"A Winter's Tale" is a song performed by David Essex on the 1983 album The Whisper. First released as a single in 1982, it reached #2 in the UK singles chart in January 1983, kept off #1 by Phil Collins's cover version of "You Can't Hurry Love".

Production and release
"A Winter's Tale" was written by Mike Batt and Tim Rice in late 1982 in response to a request from Essex.
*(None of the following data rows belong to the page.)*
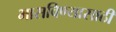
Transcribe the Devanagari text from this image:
भासविण्यासाठी
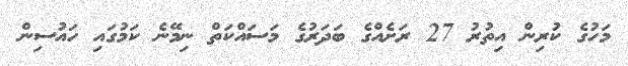
މަހުގެ ކުރިން އިތުރު 27 ރަަށެއްގެ ބަދަރުގެ މަސައްކަތް ނިމޭނެ ކަމުގައި ހައުސިން
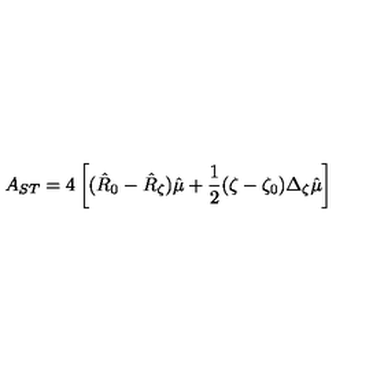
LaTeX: A _ { S T } = 4 \left[ ( \hat { R } _ { 0 } - \hat { R } _ { \zeta } ) \hat { \mu } + \frac { 1 } { 2 } ( \zeta - \zeta _ { 0 } ) \Delta _ { \zeta } \hat { \mu } \right]
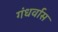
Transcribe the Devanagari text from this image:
गंधर्वास
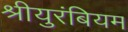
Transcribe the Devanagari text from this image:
श्रीयुरंबियम
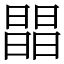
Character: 𣊫
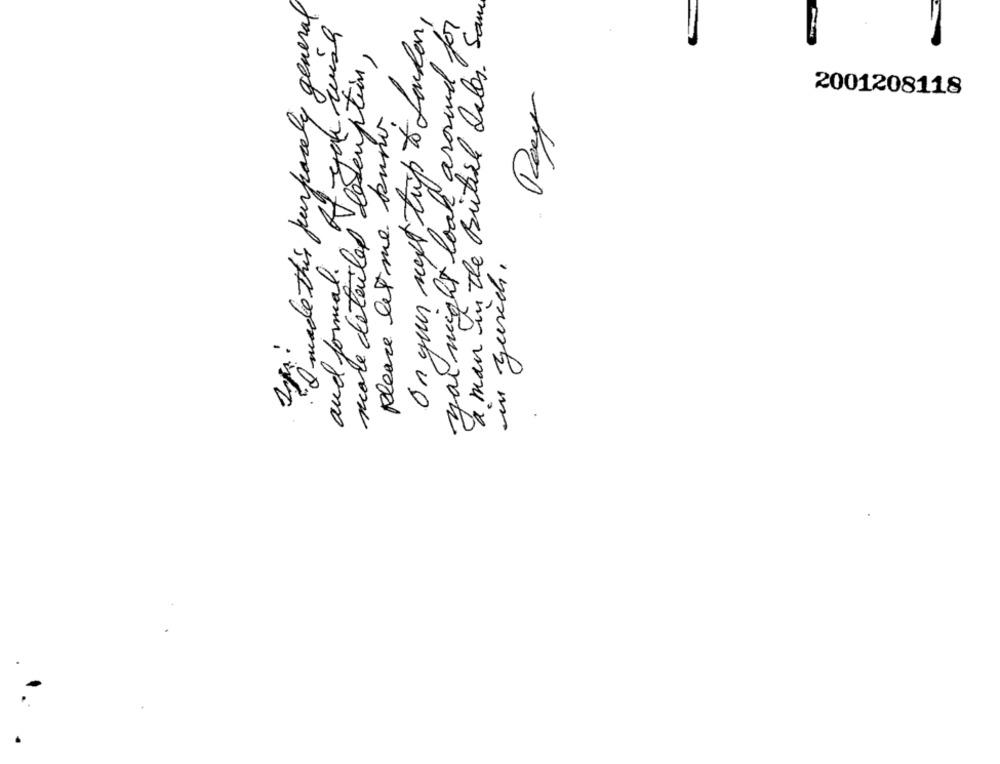
he made this junparcely general
a man in the British deles. Sam
On your selt trip & Louder
you might look around for
more detailed description,
2001208118
Ray
please let me kuno
and formal.
in zurich.
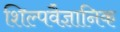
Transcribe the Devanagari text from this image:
शिल्पवैज्ञानिक
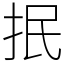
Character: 抿
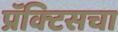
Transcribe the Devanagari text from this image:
प्रॅक्‍टिसचा
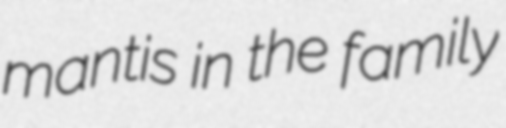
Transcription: mantis in the family
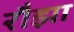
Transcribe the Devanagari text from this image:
रौझा
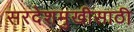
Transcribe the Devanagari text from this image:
सरदेशमुखीसाठी
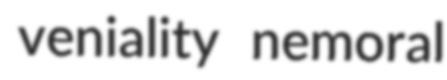
veniality nemoral
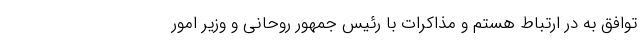
توافق به در ارتباط هستم و مذاکرات با رئیس جمهور روحانی و وزیر امور
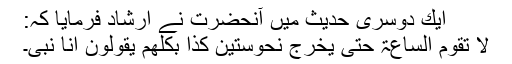
ایك دوسری حدیث میں آنحضرت نے ارشاد فرمایا كہ:
لا تقوم الساعۃ حتی یخرج نحوستین كذا بكلھم یقولون انا نبی۔
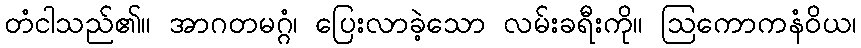
တံငါသည်၏။ အာဂတမဂ္ဂံ၊ ပြေးလာခဲ့သော လမ်းခရီးကို။ ဩကောကနံဝိယ၊
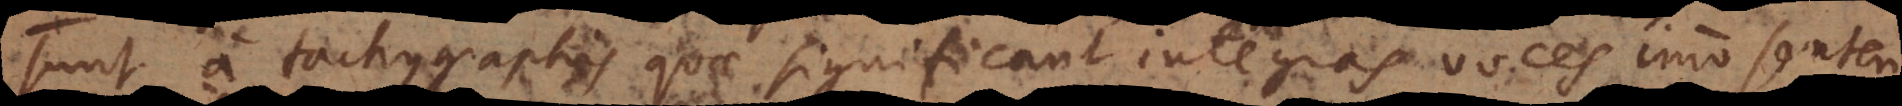
sunt a tachygraphis qu[i] significant integras voces, imo senten
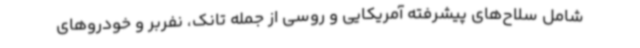
شامل سلاح‌های پیشرفته آمریکایی و روسی از جمله تانک، نفربر و خودروهای
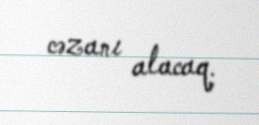
cəzanı alacaq.
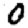
Digit: 0
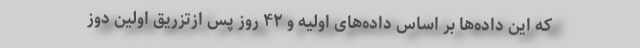
که این داده‌ها بر اساس داده‌های اولیه و ۴۲ روز پس ازتزریق اولین دوز
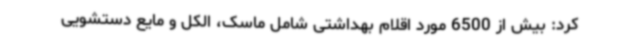
کرد: بیش از 6500 مورد اقلام بهداشتی شامل ماسک، الکل و مایع دستشویی
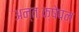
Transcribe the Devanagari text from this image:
अन्तःक्षेपन
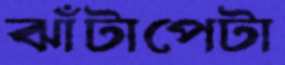
ঝাঁটাপেটা
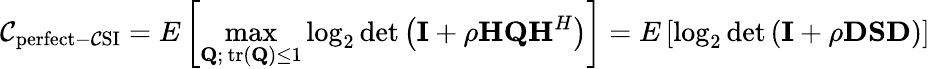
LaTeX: \mathcal{C}_{\mathrm{{perfect-\mathcal{C}SI}}}=E\left[\operatorname*{max}_{\mathbf{{Q}};\, {\mathrm{{tr}}}(\mathbf{{Q}})\leq1}\log_{2}\operatorname*{det}\left(\mathbf{{I}}+\rho\mathbf{{H}}\mathbf{{Q}}\mathbf{{H}}^{H}\right)\right]=E\left[\log_{2}\operatorname*{det}\left(\mathbf{{I}}+\rho\mathbf{{D}}\mathbf{{S}}\mathbf{{D}}\right)\right]
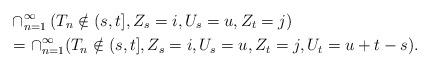
LaTeX: \begin{align*}&\cap_{n=1}^\infty (T_n\notin(s,t], Z_s = i,U_s = u, Z_t = j)\\ &=\cap_{n=1}^\infty (T_n\notin(s,t], Z_s = i,U_s = u, Z_t = j,U_t = u+t-s).\end{align*}
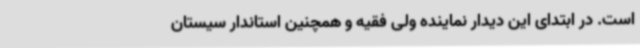
است. در ابتدای این دیدار نماینده ولی فقیه و همچنین استاندار سیستان
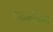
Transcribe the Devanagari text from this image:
पदमहिमा
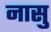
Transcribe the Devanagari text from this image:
नासु
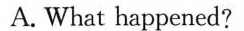
A. What happened?
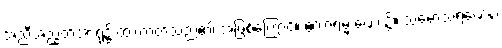
အညီအညွတ်အာရုံ၌ ထားတတ်သည်၏ အဖြစ်ကြောင့်။ ဧကာရမ္မ ဏေ၊ ၌။ သမောသရဏေန၊
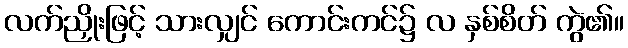
လက်ညှိုးဖြင့် သားလျှင် ကောင်းကင်၌ လ နှစ်စိတ် ကွဲ၏။
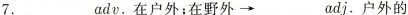
7.______adv.在户外；在野外→_____adj.户外的
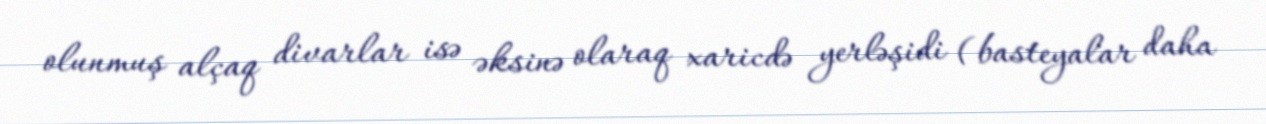
olunmuş alçaq divarlar isə əksinə olaraq xaricdə yerləşidi (basteyalar daha
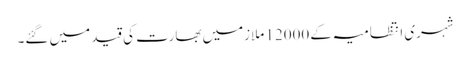
شہری انتظامیہ کے 12000 ملازمیں بھارت کی قید میں گئے۔
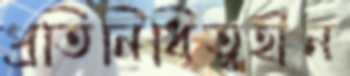
প্রতিনিধিত্বহীন
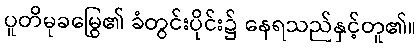
ပူတိမုခမြွေ၏ ခံတွင်းပိုင်း၌ နေရသည်နှင့်တူ၏။
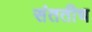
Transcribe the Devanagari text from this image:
संततीच
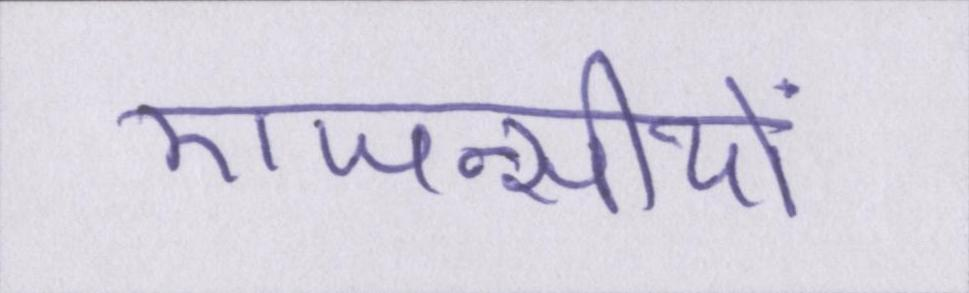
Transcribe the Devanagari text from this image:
एजन्सीयों
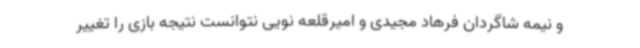
و نیمه شاگردان فرهاد مجیدی و امیرقلعه نویی نتوانست نتیجه بازی را تغییر
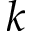
k
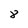
Character: 8
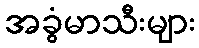
အခွံမာသီးများ
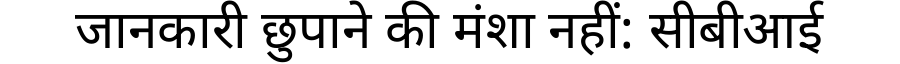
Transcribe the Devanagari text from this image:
जानकारी छुपाने की मंशा नहीं: सीबीआई
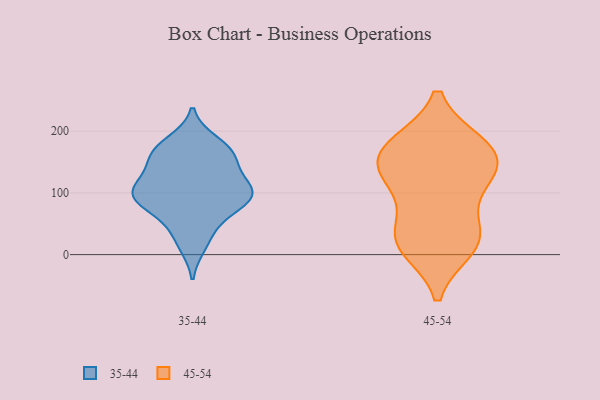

It was released as a single in November 1982. It spent ten weeks in the UK chart, peaking at #2 on 15 January 1983. Later in 1983, the song was included on Essex's album The Whisper.

Legacy
Some time after the song's release, Tim Rice wrote an additional, third verse.

"A Winter's Tale" was used to open the musical All the Fun of the Fair, launched in 2008, in which it was performed by Louise English.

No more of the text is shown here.